[Work to complete]: From the entries below, reproduce exactly the line containing "Segmented organ: small_intestine", the line containing "vesicular glands: no", and every line in between, with nothing added.

[The input — start]

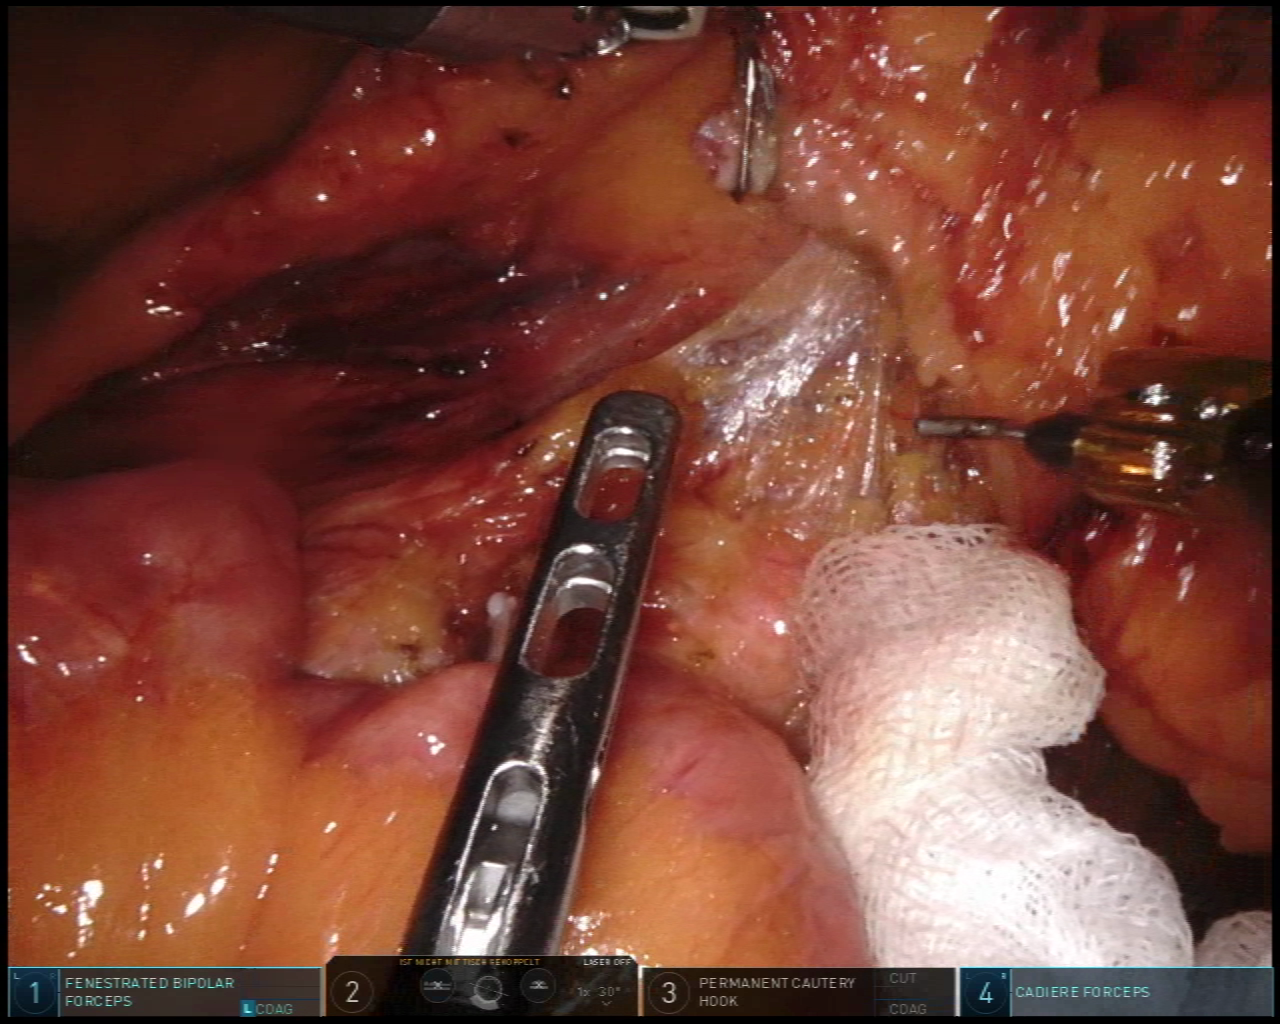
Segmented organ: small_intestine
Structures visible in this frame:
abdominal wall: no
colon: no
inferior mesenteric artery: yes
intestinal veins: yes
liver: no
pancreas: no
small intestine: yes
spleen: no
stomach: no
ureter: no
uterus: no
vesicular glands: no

[The input — finish]
[The input — start]

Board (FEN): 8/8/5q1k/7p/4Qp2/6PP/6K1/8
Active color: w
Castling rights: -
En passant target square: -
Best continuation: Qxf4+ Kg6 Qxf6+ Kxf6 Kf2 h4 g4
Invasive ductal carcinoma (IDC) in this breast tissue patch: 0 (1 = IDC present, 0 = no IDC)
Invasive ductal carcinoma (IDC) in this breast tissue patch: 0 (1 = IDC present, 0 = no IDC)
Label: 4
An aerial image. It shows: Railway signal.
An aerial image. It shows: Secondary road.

[The input — finish]
[The input — start]

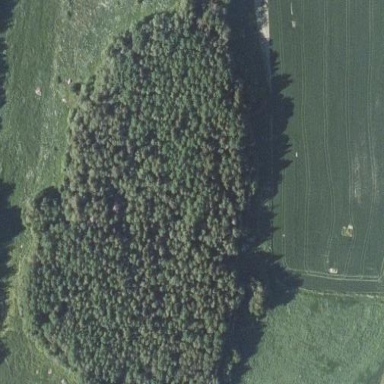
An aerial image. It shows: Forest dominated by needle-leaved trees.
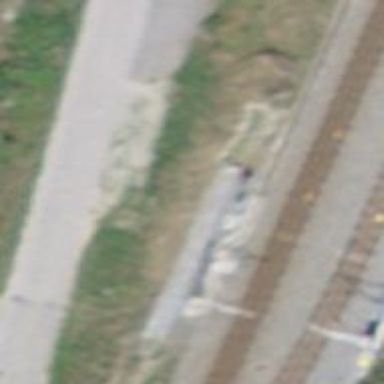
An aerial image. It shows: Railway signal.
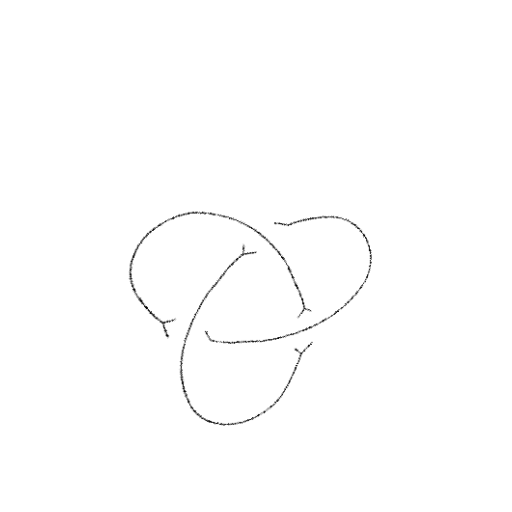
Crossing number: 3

[The input — finish]

[The answer]:
Segmented organ: small_intestine
Structures visible in this frame:
abdominal wall: no
colon: no
inferior mesenteric artery: yes
intestinal veins: yes
liver: no
pancreas: no
small intestine: yes
spleen: no
stomach: no
ureter: no
uterus: no
vesicular glands: no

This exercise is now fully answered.